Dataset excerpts

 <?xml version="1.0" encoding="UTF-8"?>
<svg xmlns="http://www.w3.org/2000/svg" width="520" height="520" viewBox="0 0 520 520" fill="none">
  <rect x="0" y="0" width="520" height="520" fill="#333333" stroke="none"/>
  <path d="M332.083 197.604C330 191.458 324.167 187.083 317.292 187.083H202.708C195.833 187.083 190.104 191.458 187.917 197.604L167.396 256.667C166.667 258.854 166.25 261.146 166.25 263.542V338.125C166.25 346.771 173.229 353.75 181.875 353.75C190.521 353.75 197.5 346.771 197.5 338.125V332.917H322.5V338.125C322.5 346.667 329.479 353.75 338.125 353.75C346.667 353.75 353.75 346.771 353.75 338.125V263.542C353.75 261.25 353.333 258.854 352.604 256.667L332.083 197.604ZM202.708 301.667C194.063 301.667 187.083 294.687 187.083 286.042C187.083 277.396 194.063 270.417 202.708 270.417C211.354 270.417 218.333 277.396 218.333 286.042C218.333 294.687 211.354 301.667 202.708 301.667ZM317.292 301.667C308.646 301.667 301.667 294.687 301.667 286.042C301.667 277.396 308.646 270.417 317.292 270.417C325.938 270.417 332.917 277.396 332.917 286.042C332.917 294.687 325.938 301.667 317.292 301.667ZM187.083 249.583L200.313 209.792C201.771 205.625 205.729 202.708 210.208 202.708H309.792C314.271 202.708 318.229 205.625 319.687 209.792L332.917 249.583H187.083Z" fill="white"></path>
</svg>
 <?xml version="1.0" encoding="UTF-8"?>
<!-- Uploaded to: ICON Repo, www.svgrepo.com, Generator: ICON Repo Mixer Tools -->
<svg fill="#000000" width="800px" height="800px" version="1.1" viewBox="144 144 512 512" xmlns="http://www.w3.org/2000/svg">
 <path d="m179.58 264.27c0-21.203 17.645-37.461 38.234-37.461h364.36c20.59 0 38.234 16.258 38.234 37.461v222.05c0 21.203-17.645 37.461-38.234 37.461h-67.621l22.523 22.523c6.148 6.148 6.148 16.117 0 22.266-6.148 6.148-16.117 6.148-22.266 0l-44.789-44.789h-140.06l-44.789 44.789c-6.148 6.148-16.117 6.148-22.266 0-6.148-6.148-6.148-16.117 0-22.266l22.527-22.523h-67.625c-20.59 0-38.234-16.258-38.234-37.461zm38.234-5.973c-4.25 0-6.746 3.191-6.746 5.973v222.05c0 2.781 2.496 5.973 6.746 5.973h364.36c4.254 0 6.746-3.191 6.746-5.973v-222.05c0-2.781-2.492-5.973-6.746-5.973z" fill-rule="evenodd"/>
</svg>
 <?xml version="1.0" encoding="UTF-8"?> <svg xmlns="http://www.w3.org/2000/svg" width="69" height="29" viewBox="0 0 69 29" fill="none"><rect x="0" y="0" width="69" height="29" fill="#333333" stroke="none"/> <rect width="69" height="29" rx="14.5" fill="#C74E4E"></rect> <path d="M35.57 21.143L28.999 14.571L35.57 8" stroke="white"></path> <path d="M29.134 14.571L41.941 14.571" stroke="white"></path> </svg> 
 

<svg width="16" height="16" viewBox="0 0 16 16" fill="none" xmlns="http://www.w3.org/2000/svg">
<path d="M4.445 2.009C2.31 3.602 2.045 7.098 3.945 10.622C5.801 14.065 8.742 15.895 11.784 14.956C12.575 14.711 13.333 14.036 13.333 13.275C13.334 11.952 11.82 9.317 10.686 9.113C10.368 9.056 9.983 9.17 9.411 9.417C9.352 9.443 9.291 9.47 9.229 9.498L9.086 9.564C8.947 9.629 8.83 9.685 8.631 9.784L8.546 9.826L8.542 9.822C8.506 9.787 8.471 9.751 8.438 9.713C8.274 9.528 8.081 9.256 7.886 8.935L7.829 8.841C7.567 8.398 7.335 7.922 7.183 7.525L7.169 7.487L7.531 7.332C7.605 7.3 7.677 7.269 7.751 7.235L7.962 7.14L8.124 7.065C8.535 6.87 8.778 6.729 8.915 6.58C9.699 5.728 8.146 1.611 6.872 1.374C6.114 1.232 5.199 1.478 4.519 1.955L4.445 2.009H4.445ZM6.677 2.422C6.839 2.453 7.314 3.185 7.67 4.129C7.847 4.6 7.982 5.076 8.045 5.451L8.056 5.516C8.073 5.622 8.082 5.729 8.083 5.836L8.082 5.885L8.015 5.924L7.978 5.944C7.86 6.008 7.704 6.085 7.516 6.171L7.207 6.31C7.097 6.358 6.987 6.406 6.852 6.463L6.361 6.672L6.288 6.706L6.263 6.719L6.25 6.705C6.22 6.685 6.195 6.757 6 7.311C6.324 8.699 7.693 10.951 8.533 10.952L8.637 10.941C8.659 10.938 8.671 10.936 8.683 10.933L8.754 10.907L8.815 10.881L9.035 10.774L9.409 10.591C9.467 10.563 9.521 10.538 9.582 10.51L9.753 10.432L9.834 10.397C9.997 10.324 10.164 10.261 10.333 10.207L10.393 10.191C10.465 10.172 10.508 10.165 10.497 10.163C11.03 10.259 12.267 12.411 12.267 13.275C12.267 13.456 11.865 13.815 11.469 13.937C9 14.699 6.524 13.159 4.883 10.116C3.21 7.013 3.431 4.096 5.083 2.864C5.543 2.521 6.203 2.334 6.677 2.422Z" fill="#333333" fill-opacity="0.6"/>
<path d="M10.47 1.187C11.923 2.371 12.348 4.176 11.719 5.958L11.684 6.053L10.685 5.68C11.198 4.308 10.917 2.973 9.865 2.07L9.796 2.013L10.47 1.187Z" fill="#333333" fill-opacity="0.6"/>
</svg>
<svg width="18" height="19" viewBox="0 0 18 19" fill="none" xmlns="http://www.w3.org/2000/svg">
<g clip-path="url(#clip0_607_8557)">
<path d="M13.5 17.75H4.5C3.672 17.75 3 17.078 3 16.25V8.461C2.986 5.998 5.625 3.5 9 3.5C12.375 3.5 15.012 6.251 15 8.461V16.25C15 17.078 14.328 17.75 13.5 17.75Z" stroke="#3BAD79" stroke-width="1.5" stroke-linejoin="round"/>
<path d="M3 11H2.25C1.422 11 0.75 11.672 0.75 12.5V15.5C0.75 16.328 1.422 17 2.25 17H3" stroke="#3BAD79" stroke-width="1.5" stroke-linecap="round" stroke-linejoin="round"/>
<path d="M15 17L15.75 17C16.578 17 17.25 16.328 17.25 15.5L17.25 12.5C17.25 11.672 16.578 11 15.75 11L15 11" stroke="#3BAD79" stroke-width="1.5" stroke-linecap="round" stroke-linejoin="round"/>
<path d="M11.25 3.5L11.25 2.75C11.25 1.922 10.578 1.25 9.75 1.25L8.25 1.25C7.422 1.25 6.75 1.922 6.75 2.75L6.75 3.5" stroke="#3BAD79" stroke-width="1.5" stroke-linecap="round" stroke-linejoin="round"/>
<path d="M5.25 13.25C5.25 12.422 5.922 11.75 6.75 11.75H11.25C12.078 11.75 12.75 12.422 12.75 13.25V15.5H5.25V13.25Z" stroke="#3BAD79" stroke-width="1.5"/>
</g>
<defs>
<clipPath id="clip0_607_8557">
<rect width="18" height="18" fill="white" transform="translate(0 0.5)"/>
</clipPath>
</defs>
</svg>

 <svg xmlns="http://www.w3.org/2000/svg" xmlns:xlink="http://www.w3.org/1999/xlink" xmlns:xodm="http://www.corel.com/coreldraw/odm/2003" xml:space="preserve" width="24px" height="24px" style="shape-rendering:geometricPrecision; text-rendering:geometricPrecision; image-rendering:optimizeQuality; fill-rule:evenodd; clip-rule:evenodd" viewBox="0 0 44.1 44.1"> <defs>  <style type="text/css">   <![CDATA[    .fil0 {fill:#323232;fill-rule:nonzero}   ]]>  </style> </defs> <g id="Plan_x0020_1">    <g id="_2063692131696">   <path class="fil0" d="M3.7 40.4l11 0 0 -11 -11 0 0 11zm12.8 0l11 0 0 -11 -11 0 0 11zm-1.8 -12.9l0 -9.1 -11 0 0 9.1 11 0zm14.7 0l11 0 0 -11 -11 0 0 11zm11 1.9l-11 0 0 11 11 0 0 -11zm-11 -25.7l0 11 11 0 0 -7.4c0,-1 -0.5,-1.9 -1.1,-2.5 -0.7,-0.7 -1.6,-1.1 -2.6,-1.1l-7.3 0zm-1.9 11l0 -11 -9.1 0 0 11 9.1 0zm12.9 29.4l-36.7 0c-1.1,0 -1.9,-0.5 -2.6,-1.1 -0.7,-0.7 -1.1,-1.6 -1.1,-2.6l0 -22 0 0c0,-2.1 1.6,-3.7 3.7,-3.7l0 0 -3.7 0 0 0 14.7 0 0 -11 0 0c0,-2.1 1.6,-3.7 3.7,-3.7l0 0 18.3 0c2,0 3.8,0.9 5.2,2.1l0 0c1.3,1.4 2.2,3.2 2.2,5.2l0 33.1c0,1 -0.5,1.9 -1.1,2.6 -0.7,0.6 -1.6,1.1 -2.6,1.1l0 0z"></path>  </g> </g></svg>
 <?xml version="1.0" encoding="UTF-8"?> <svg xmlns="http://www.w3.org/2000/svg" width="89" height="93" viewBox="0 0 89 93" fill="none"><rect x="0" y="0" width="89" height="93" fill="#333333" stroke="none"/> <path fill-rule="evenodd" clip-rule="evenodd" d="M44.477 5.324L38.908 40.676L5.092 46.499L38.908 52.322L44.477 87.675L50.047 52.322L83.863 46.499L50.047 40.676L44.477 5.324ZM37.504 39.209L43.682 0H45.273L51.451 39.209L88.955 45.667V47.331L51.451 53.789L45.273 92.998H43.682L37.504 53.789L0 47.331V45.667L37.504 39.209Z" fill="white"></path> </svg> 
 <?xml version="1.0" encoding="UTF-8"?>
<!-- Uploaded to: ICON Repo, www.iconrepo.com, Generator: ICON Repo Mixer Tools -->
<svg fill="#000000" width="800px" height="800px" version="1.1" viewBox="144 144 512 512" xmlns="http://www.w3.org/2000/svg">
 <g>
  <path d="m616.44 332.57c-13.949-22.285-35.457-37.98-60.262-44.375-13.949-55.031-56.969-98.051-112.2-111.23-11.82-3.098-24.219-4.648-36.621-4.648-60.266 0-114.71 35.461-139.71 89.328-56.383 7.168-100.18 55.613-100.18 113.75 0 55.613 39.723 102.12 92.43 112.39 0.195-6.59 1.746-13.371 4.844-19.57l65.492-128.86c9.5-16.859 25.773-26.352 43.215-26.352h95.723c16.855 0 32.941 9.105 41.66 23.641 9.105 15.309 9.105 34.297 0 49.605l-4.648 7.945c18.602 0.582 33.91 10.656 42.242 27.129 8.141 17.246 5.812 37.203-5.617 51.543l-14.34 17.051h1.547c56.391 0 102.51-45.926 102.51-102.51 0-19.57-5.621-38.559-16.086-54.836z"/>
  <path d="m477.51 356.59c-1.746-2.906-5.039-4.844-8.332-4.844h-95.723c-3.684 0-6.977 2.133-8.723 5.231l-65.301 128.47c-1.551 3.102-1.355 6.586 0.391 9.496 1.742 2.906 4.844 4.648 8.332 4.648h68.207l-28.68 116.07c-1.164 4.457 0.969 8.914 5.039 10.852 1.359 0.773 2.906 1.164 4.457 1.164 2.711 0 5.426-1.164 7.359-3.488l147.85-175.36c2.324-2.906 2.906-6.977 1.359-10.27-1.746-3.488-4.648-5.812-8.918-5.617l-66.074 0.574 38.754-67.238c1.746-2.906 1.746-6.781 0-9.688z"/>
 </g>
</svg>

WHAT IS EXPECTED »
Take the line holding "<!-- Uploaded to: ICON Repo, www.iconrepo.com, Generator: ICON" and all lines after it through the end of the data, and set them down exactly.

TASK RESULT »
<!-- Uploaded to: ICON Repo, www.iconrepo.com, Generator: ICON Repo Mixer Tools -->
<svg fill="#000000" width="800px" height="800px" version="1.1" viewBox="144 144 512 512" xmlns="http://www.w3.org/2000/svg">
 <g>
  <path d="m616.44 332.57c-13.949-22.285-35.457-37.98-60.262-44.375-13.949-55.031-56.969-98.051-112.2-111.23-11.82-3.098-24.219-4.648-36.621-4.648-60.266 0-114.71 35.461-139.71 89.328-56.383 7.168-100.18 55.613-100.18 113.75 0 55.613 39.723 102.12 92.43 112.39 0.195-6.59 1.746-13.371 4.844-19.57l65.492-128.86c9.5-16.859 25.773-26.352 43.215-26.352h95.723c16.855 0 32.941 9.105 41.66 23.641 9.105 15.309 9.105 34.297 0 49.605l-4.648 7.945c18.602 0.582 33.91 10.656 42.242 27.129 8.141 17.246 5.812 37.203-5.617 51.543l-14.34 17.051h1.547c56.391 0 102.51-45.926 102.51-102.51 0-19.57-5.621-38.559-16.086-54.836z"/>
  <path d="m477.51 356.59c-1.746-2.906-5.039-4.844-8.332-4.844h-95.723c-3.684 0-6.977 2.133-8.723 5.231l-65.301 128.47c-1.551 3.102-1.355 6.586 0.391 9.496 1.742 2.906 4.844 4.648 8.332 4.648h68.207l-28.68 116.07c-1.164 4.457 0.969 8.914 5.039 10.852 1.359 0.773 2.906 1.164 4.457 1.164 2.711 0 5.426-1.164 7.359-3.488l147.85-175.36c2.324-2.906 2.906-6.977 1.359-10.27-1.746-3.488-4.648-5.812-8.918-5.617l-66.074 0.574 38.754-67.238c1.746-2.906 1.746-6.781 0-9.688z"/>
 </g>
</svg>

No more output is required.